The surging dollar has prompted many central banks to abandon a longstanding preference for weaker exchange rates, shifting from encouraging growth to bringing down inflation.

Despite rising inflation, countries such as Nigeria and Japan have resisted the impulse to raise interest rates. Inflation in Nigeria reached 15.92% in March, up from 15.7% in February 2022.

Japan’s inflation is continuing to rise, reaching a 26-month high as more businesses pass on rising raw material and energy costs to consumers. In March 2022, Japan’s inflation increased by 0.8%.

What you should know

The Federal Reserve of the United States hiked its benchmark funds rate by 50 basis points (bps) last week, and strong job data has strengthened bets on additional significant hikes, with inflation data due on Wednesday providing the next potential positive surprise.

Nevertheless, the US’ current hawkish stance has had a sleeping effect across markets.

The yield on benchmark 10-year U.S. government bonds has climbed a staggering 163 basis points this year.

The euro was down 9.35% within 6 months trading at $1.0508, the currency lost 3.29% against the dollar in a month.

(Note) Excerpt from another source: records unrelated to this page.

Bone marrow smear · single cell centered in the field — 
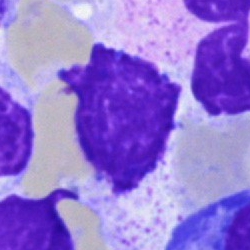 Single cell identified as an artifact.
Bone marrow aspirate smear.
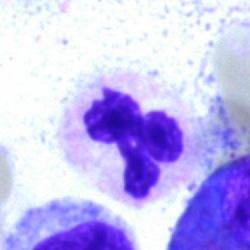 Cell type: neutrophil (segmented).
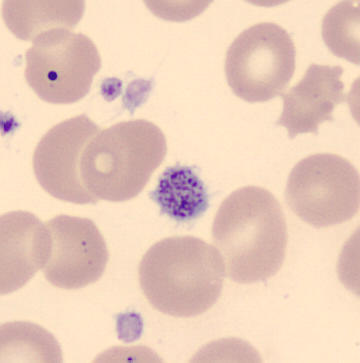Morphology consistent with a platelet.
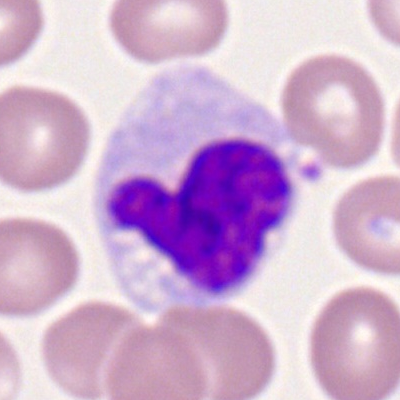 Impression → monocyte.
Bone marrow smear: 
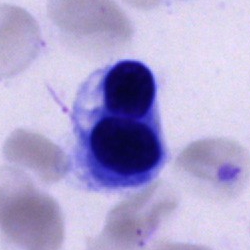Morphological class = cell of indeterminate lineage.
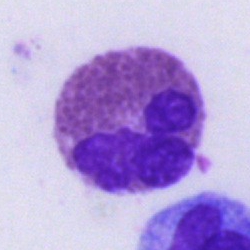

Morphological class — eosinophilic granulocyte.
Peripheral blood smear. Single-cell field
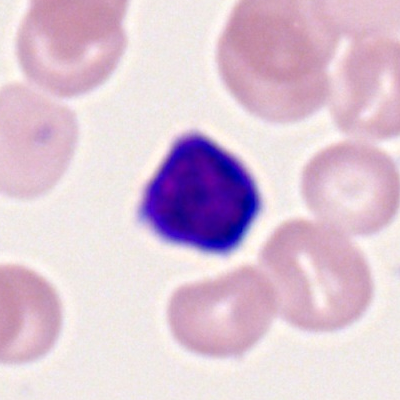 Lymphocyte.
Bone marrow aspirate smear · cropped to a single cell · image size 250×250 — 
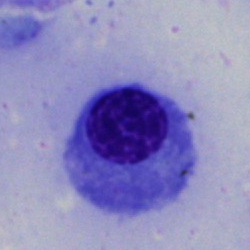

This is a nucleated red cell.
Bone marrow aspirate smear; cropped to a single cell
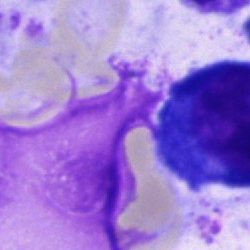Specimen: bone marrow smear.
Cell type: artefact.
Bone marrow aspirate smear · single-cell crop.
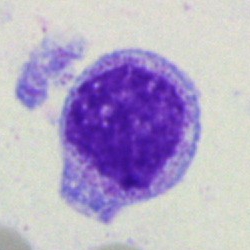{"cell_type": "myelocyte"}
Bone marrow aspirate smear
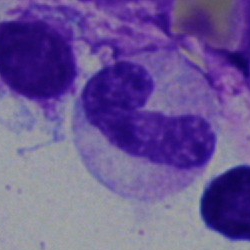
The morphological class is band neutrophil.
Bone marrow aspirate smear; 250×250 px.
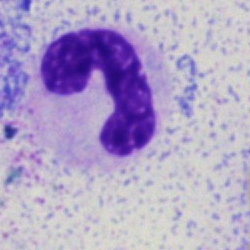Specimen: bone marrow smear.
Classification: stab cell.
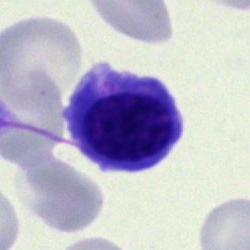
Cell: nucleated red blood cell.
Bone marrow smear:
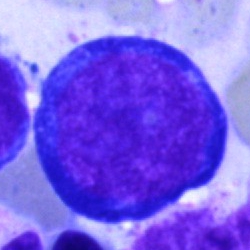Q: What cell is this?
A: It is a proerythroblast.
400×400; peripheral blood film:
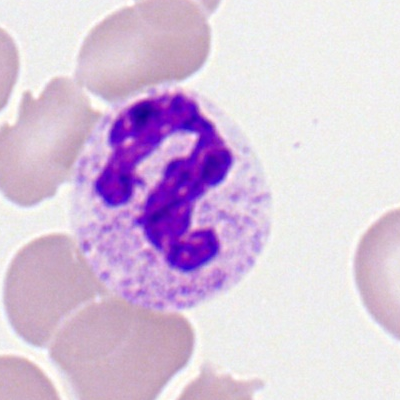

Q: Identify the cell.
A: This is a neutrophil (segmented).
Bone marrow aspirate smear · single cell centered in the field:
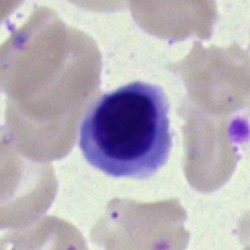

Cell = nucleated red cell.

The yen was close to two-decade lows at 130.96 per dollar, while sterling wallowed at $1.2294, barely above Friday’s 22-month low.

The Canadian dollar hit its lowest since December.
Lockdowns in Shanghai deepened, dragging the yuan to a new 18-month low of 6.7110 per dollar.

Cryptocurrencies have been hammered, and bitcoin is nearing its lowest levels of the year at $33,520 , while ether is at $2,439 at the time of writing this article.